According to wikipedia, there are two definitions of total varation for the case of real-valued signed measure $\mu$:
- the first is classical total variation definition, where the total variation $|\mu|$ is given by $|\mu|(A)=\sup_B\mu(B)-\inf_B\mu(B)$ for all $B\in\mathcal F$ and $B\subset A$. If we denote $\sup_B\mu(B)$ and $-\inf_B\mu(B)$ by $\mu^+$ and $\mu^-$ respectively, then we have $|\mu|=\mu^++\mu^-$;
- the second one is given by Rudin that $|\mu|(A)=\sup_\pi\sum_{B\in\pi}|\mu(B)|$, where the supremum is taken over all partitions $\pi$ of a measurable set $A$ into a countable number of disjoint measurable subsets.
Wiki concludes that this definition (by Rudin) coincides with the above definition $|\mu |=\mu ^{+}+\mu ^{-}$ for the case of real-valued signed measures, but no more details for why. I have no clue to prove this conclusion. Can you give me any hints?
Best Answer
In this answer, assume that $\mu^+$ and $\mu^-$ are both finite.

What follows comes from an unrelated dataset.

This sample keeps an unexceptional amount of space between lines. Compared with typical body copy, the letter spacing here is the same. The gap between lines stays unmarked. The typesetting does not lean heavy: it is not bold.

The first step is to show that for each $\pi$ you have $\displaystyle\sum_{B\in\pi}|\mu(B)|\leq\mu^++\mu^-$.
To do this, let $A_1$ be the union of the sets $C\in\pi$ such that $\mu(C)>0$, and $A_2$ be the union of the sets $E\in\pi$ such that $\mu(E)\leq0$.
Note that $\mu(A_1)\leq\mu^+$ and that $-\mu(A_2)\leq\mu^-$.

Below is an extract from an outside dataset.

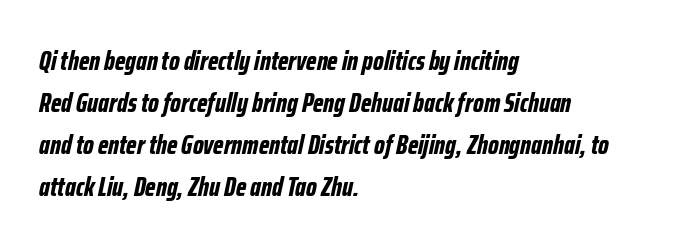
These lines keep a tight, regular rhythm from letter to letter. The line-height multiplier appears to be the usual default. The passage shown is not underscored anywhere. Leftover space on each line is placed entirely after the last word. Compared with an ordinary text face, these strokes are far heavier — a full bold. An italicized treatment has been applied to the whole sample.

The second step is to show that for each $\epsilon>0$ you can find $\pi$ such that $\displaystyle\sum_{B\in\pi}|\mu(B)|\geq\mu^++\mu^--2\epsilon$.
To do this, find $G_1$ and $G_2$ such that $\mu(G_1)\geq\mu^+-\epsilon$ and that $-\mu(G_2)\geq\mu^--\epsilon$.
If $G_1$ and $G_2$ are already disjoint, then that can be your partition.
If $G_1$ and $G_2$ are not already disjoint, show that $|\mu(G_1\setminus G_2)|+|\mu(G_1\cap G_2)|+|\mu(G_2\setminus G_1)|\geq \mu(G_1)-\mu(G_2)$. I'll leave it as an exercise; comment if you want elaboration. Now, these three sets can also be your partition.